= Beginning of Section =

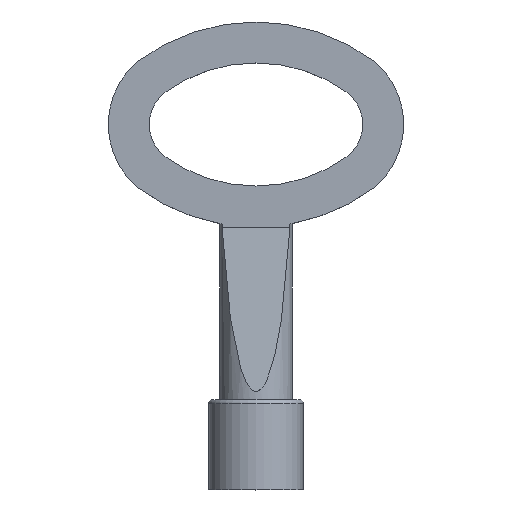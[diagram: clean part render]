
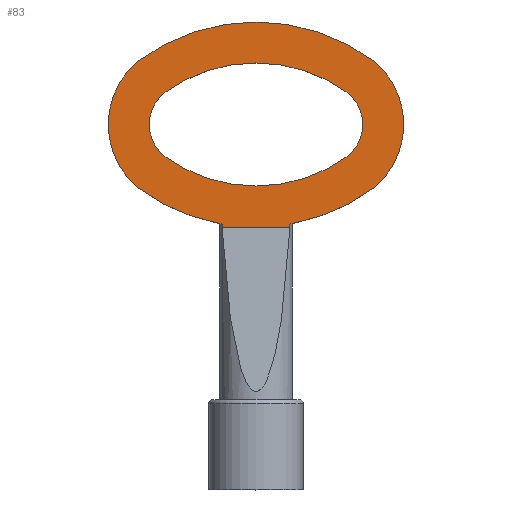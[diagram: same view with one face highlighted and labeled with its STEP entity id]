
A CAD part, top view. The second image highlights one B-rep face of the part: STEP entity #83.
In plain terms, the highlighted planar face has unit normal (0, 0, 1).
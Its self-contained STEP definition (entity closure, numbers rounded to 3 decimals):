
#83 = ADVANCED_FACE( '', ( #170, #171 ), #172, .T. );
#170 = FACE_OUTER_BOUND( '', #253, .T. );
#171 = FACE_BOUND( '', #254, .T. );
#172 = PLANE( '', #255 );
#253 = EDGE_LOOP( '', ( #418, #419, #420, #421, #422, #423, #424, #425 ) );
#254 = EDGE_LOOP( '', ( #426, #427, #428, #429 ) );
#255 = AXIS2_PLACEMENT_3D( '', #430, #431, #432 );
#418 = ORIENTED_EDGE( '', *, *, #524, .T. );
#419 = ORIENTED_EDGE( '', *, *, #501, .T. );
#420 = ORIENTED_EDGE( '', *, *, #526, .F. );
#421 = ORIENTED_EDGE( '', *, *, #505, .T. );
#422 = ORIENTED_EDGE( '', *, *, #508, .T. );
#423 = ORIENTED_EDGE( '', *, *, #532, .T. );
#424 = ORIENTED_EDGE( '', *, *, #533, .T. );
#425 = ORIENTED_EDGE( '', *, *, #485, .T. );
#426 = ORIENTED_EDGE( '', *, *, #516, .F. );
#427 = ORIENTED_EDGE( '', *, *, #480, .F. );
#428 = ORIENTED_EDGE( '', *, *, #472, .F. );
#429 = ORIENTED_EDGE( '', *, *, #534, .F. );
#430 = CARTESIAN_POINT( '', ( -4., 50.259, 1.5 ) );
#431 = DIRECTION( '', ( 0., 0., 1. ) );
#432 = DIRECTION( '', ( 1., 0., 0. ) );
#472 = EDGE_CURVE( '', #551, #546, #553, .T. );
#480 = EDGE_CURVE( '', #546, #566, #567, .T. );
#485 = EDGE_CURVE( '', #575, #573, #576, .T. );
#501 = EDGE_CURVE( '', #601, #602, #603, .T. );
#505 = EDGE_CURVE( '', #608, #606, #609, .F. );
#508 = EDGE_CURVE( '', #606, #612, #613, .T. );
#516 = EDGE_CURVE( '', #566, #623, #624, .T. );
#524 = EDGE_CURVE( '', #573, #601, #634, .T. );
#526 = EDGE_CURVE( '', #608, #602, #636, .T. );
#532 = EDGE_CURVE( '', #612, #642, #643, .T. );
#533 = EDGE_CURVE( '', #642, #575, #644, .T. );
#534 = EDGE_CURVE( '', #623, #551, #645, .T. );
#546 = VERTEX_POINT( '', #657 );
#551 = VERTEX_POINT( '', #663 );
#553 = CIRCLE( '', #666, 5. );
#566 = VERTEX_POINT( '', #683 );
#567 = CIRCLE( '', #684, 19. );
#573 = VERTEX_POINT( '', #691 );
#575 = VERTEX_POINT( '', #694 );
#576 = CIRCLE( '', #695, 10. );
#601 = VERTEX_POINT( '', #724 );
#602 = VERTEX_POINT( '', #725 );
#603 = LINE( '', #726, #727 );
#606 = VERTEX_POINT( '', #737 );
#608 = VERTEX_POINT( '', #746 );
#609 = LINE( '', #747, #748 );
#612 = VERTEX_POINT( '', #751 );
#613 = CIRCLE( '', #752, 24. );
#623 = VERTEX_POINT( '', #766 );
#624 = CIRCLE( '', #767, 5. );
#634 = CIRCLE( '', #781, 24. );
#636 = LINE( '', #783, #784 );
#642 = VERTEX_POINT( '', #792 );
#643 = CIRCLE( '', #793, 10. );
#644 = CIRCLE( '', #794, 24. );
#645 = CIRCLE( '', #795, 19. );
#657 = CARTESIAN_POINT( '', ( 11.214, 48.33, 1.5 ) );
#663 = CARTESIAN_POINT( '', ( 11.214, 40.67, 1.5 ) );
#666 = AXIS2_PLACEMENT_3D( '', #813, #814, #815 );
#683 = CARTESIAN_POINT( '', ( -11.214, 48.33, 1.5 ) );
#684 = AXIS2_PLACEMENT_3D( '', #823, #824, #825 );
#691 = CARTESIAN_POINT( '', ( -14.428, 36.84, 1.5 ) );
#694 = CARTESIAN_POINT( '', ( -14.428, 52.16, 1.5 ) );
#695 = AXIS2_PLACEMENT_3D( '', #831, #832, #833 );
#724 = CARTESIAN_POINT( '', ( -4.136, 32.378, 1.5 ) );
#725 = CARTESIAN_POINT( '', ( -4.136, 32., 1.5 ) );
#726 = CARTESIAN_POINT( '', ( -4.136, 11., 1.5 ) );
#727 = VECTOR( '', #862, 1000. );
#737 = CARTESIAN_POINT( '', ( 4.136, 32.378, 1.5 ) );
#746 = CARTESIAN_POINT( '', ( 4.136, 32., 1.5 ) );
#747 = CARTESIAN_POINT( '', ( 4.136, 11., 1.5 ) );
#748 = VECTOR( '', #866, 1000. );
#751 = CARTESIAN_POINT( '', ( 14.428, 36.84, 1.5 ) );
#752 = AXIS2_PLACEMENT_3D( '', #870, #871, #872 );
#766 = CARTESIAN_POINT( '', ( -11.214, 40.67, 1.5 ) );
#767 = AXIS2_PLACEMENT_3D( '', #877, #878, #879 );
#781 = AXIS2_PLACEMENT_3D( '', #884, #885, #886 );
#783 = CARTESIAN_POINT( '', ( 30., 32., 1.5 ) );
#784 = VECTOR( '', #887, 1000. );
#792 = CARTESIAN_POINT( '', ( 14.428, 52.16, 1.5 ) );
#793 = AXIS2_PLACEMENT_3D( '', #890, #891, #892 );
#794 = AXIS2_PLACEMENT_3D( '', #893, #894, #895 );
#795 = AXIS2_PLACEMENT_3D( '', #896, #897, #898 );
#813 = CARTESIAN_POINT( '', ( 8., 44.5, 1.5 ) );
#814 = DIRECTION( '', ( 0., 0., 1. ) );
#815 = DIRECTION( '', ( 1., 0., 0. ) );
#823 = CARTESIAN_POINT( '', ( 0., 32.992, 1.5 ) );
#824 = DIRECTION( '', ( 0., 0., 1. ) );
#825 = DIRECTION( '', ( 1., 0., 0. ) );
#831 = CARTESIAN_POINT( '', ( -8., 44.5, 1.5 ) );
#832 = DIRECTION( '', ( 0., 0., 1. ) );
#833 = DIRECTION( '', ( 1., 0., 0. ) );
#862 = DIRECTION( '', ( 0., -1., 0. ) );
#866 = DIRECTION( '', ( 0., -1., 0. ) );
#870 = CARTESIAN_POINT( '', ( 0., 56.019, 1.5 ) );
#871 = DIRECTION( '', ( 0., 0., 1. ) );
#872 = DIRECTION( '', ( 1., 0., 0. ) );
#877 = CARTESIAN_POINT( '', ( -8., 44.5, 1.5 ) );
#878 = DIRECTION( '', ( 0., 0., 1. ) );
#879 = DIRECTION( '', ( 1., 0., 0. ) );
#884 = CARTESIAN_POINT( '', ( 0., 56.019, 1.5 ) );
#885 = DIRECTION( '', ( 0., 0., 1. ) );
#886 = DIRECTION( '', ( 1., 0., 0. ) );
#887 = DIRECTION( '', ( -1., 0., 0. ) );
#890 = CARTESIAN_POINT( '', ( 8., 44.5, 1.5 ) );
#891 = DIRECTION( '', ( 0., 0., 1. ) );
#892 = DIRECTION( '', ( 1., 0., 0. ) );
#893 = CARTESIAN_POINT( '', ( 0., 32.981, 1.5 ) );
#894 = DIRECTION( '', ( 0., 0., 1. ) );
#895 = DIRECTION( '', ( 1., 0., 0. ) );
#896 = CARTESIAN_POINT( '', ( 0., 56.008, 1.5 ) );
#897 = DIRECTION( '', ( 0., 0., 1. ) );
#898 = DIRECTION( '', ( 1., 0., 0. ) );

= End of Section =

EXERCISE INSTRUCTIONS: Take the line above containing "#833 = DIRECTION( '', ( 1., 0., 0. ) );", the line containing "#877 = CARTESIAN_POINT( '', ( -8., 44.5, 1.5", and all lines in between, and copy them exactly without anything else.

RESPONSE TO THE EXERCISE:
#833 = DIRECTION( '', ( 1., 0., 0. ) );
#862 = DIRECTION( '', ( 0., -1., 0. ) );
#866 = DIRECTION( '', ( 0., -1., 0. ) );
#870 = CARTESIAN_POINT( '', ( 0., 56.019, 1.5 ) );
#871 = DIRECTION( '', ( 0., 0., 1. ) );
#872 = DIRECTION( '', ( 1., 0., 0. ) );
#877 = CARTESIAN_POINT( '', ( -8., 44.5, 1.5 ) );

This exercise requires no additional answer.